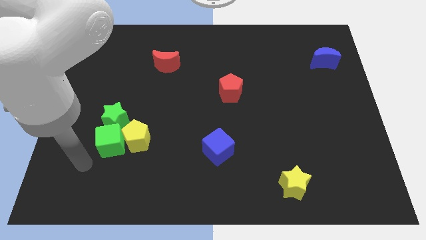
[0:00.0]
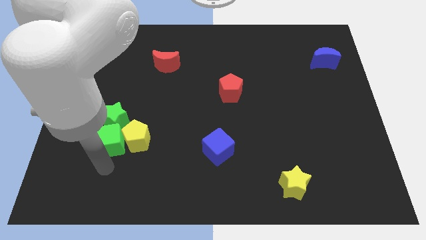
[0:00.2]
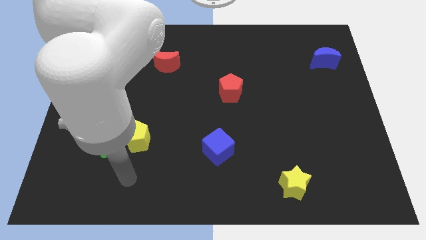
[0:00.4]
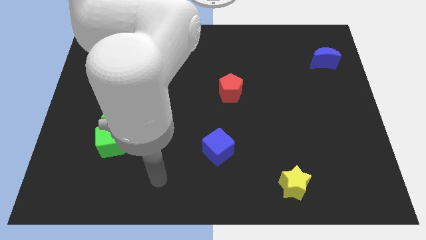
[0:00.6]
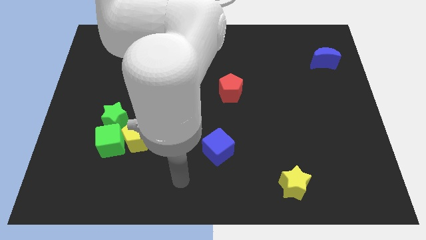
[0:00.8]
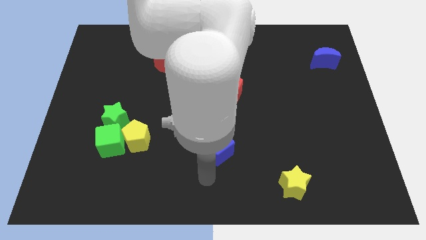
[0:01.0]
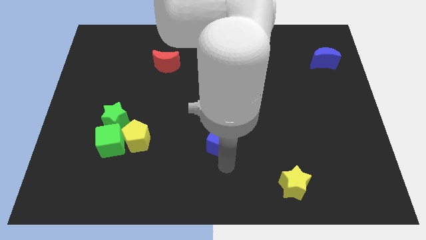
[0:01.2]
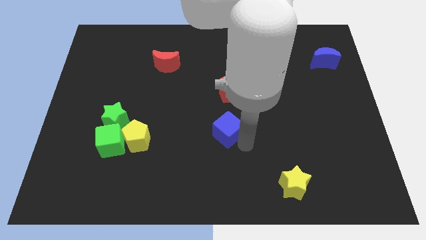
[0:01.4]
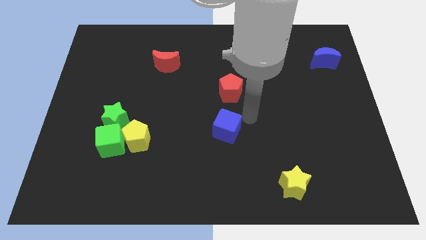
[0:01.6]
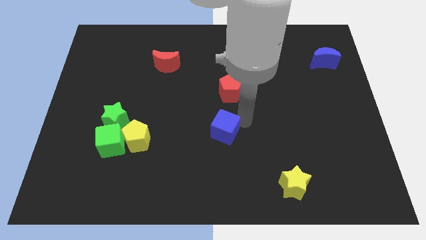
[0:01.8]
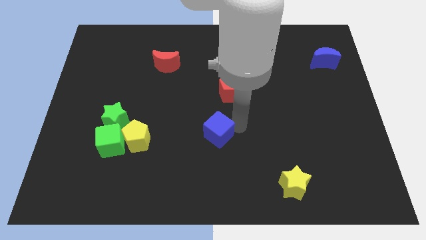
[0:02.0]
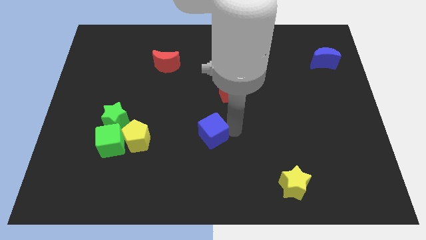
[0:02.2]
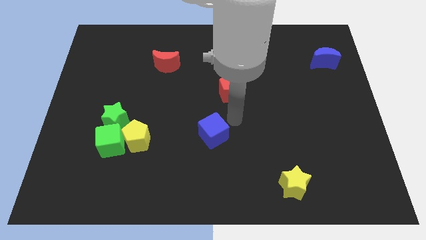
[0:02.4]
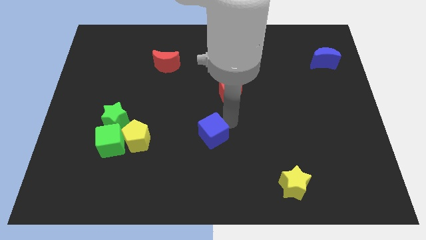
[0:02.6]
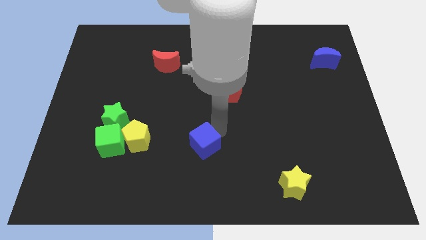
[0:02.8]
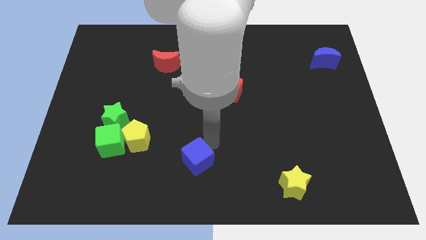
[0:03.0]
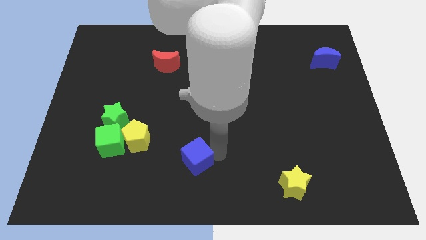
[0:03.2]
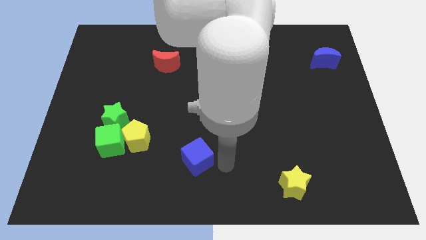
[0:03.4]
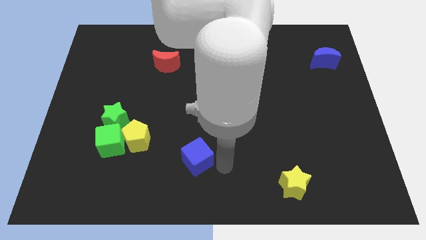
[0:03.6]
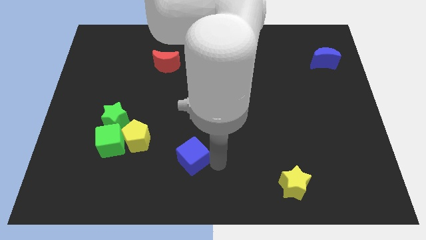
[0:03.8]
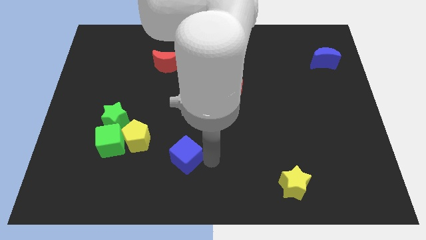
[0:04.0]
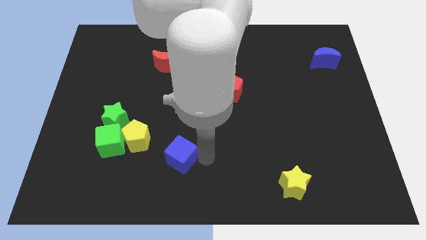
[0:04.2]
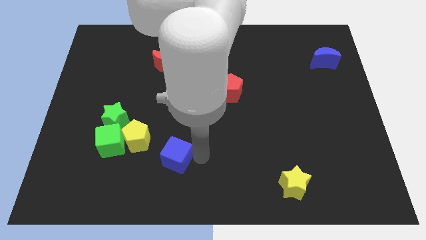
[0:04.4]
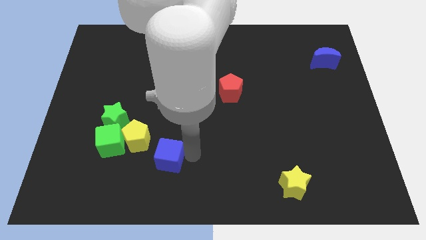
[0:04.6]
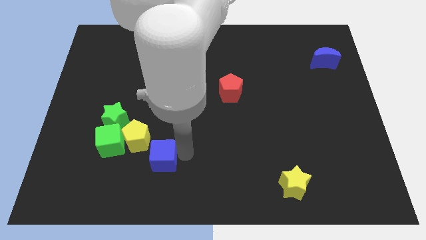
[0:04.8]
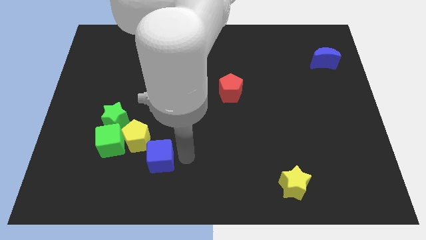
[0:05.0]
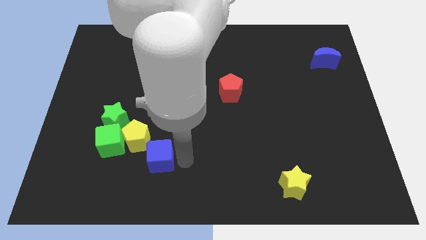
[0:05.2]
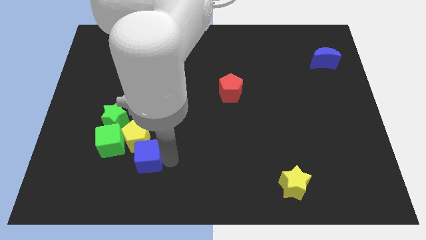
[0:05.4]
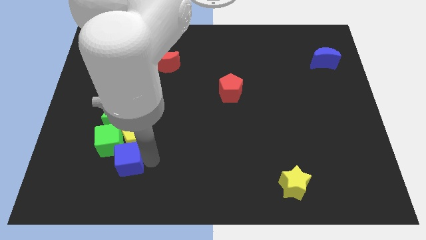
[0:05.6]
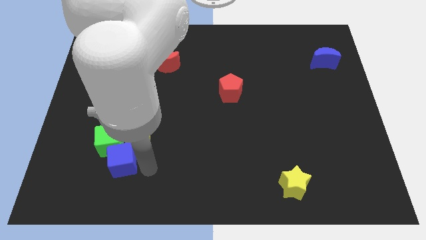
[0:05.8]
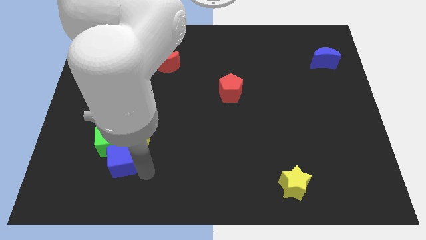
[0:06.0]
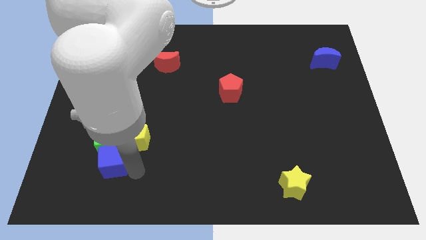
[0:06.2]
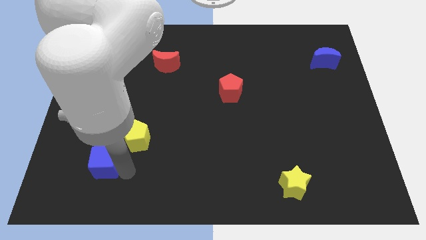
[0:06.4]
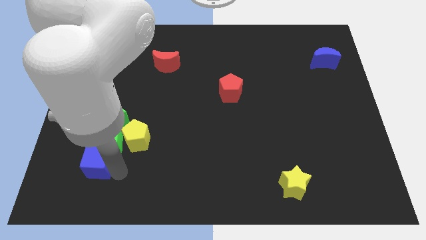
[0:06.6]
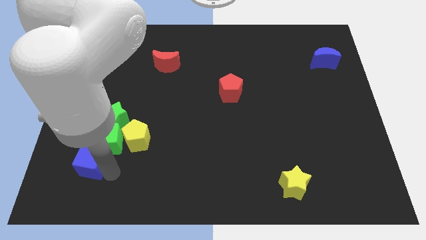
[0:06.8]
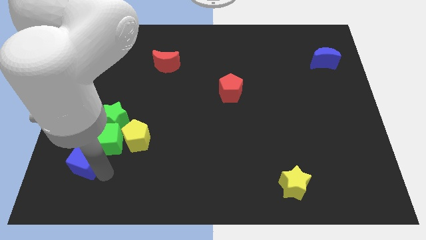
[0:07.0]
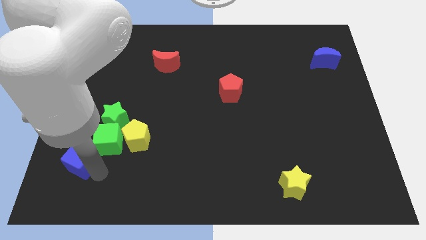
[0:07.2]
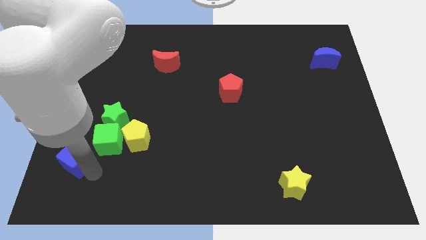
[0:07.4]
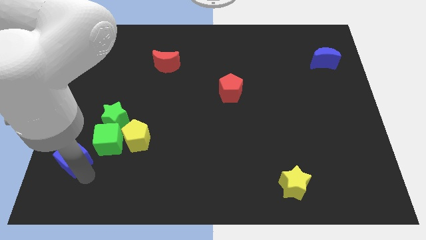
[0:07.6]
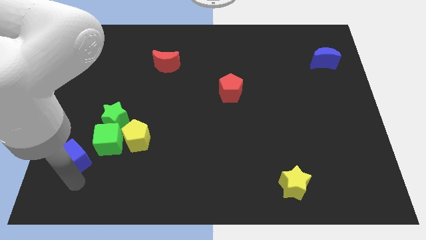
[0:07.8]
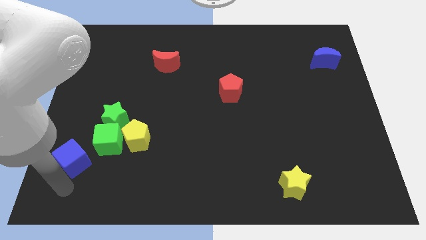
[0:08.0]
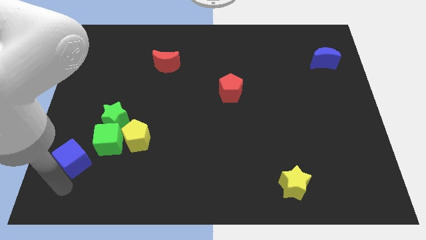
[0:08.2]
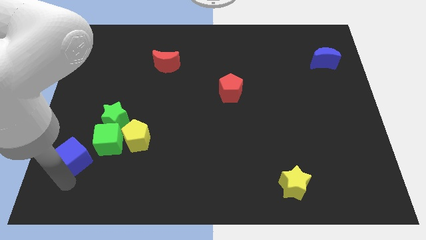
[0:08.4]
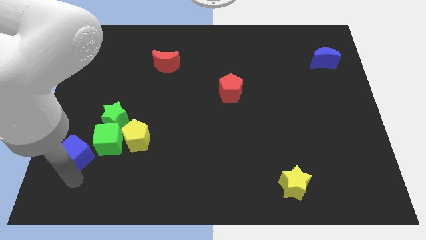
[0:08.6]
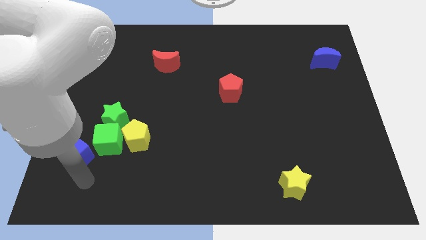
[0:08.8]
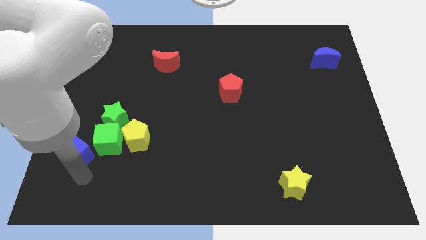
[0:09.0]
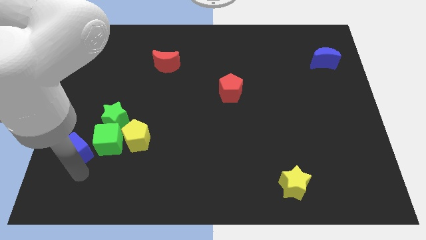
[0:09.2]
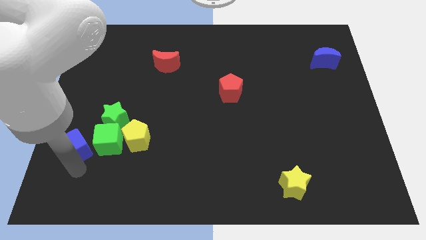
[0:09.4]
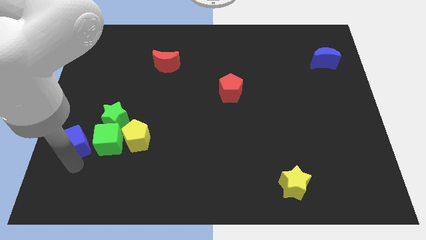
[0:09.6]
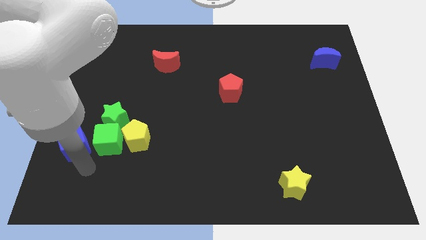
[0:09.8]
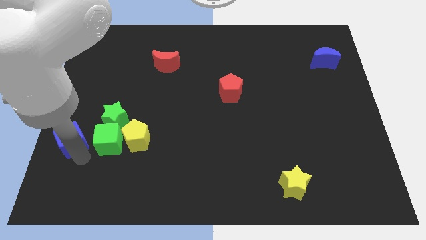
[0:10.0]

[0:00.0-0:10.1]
move the blue cube to the left side of the board

● ● ● ●

Exercise objective:
A word-for-word copy of the data, without its pictures, is what is needed.

Answer box:
[0:00.0]
[0:00.2]
[0:00.4]
[0:00.6]
[0:00.8]
[0:01.0]
[0:01.2]
[0:01.4]
[0:01.6]
[0:01.8]
[0:02.0]
[0:02.2]
[0:02.4]
[0:02.6]
[0:02.8]
[0:03.0]
[0:03.2]
[0:03.4]
[0:03.6]
[0:03.8]
[0:04.0]
[0:04.2]
[0:04.4]
[0:04.6]
[0:04.8]
[0:05.0]
[0:05.2]
[0:05.4]
[0:05.6]
[0:05.8]
[0:06.0]
[0:06.2]
[0:06.4]
[0:06.6]
[0:06.8]
[0:07.0]
[0:07.2]
[0:07.4]
[0:07.6]
[0:07.8]
[0:08.0]
[0:08.2]
[0:08.4]
[0:08.6]
[0:08.8]
[0:09.0]
[0:09.2]
[0:09.4]
[0:09.6]
[0:09.8]
[0:10.0]

[0:00.0-0:10.1]
move the blue cube to the left side of the board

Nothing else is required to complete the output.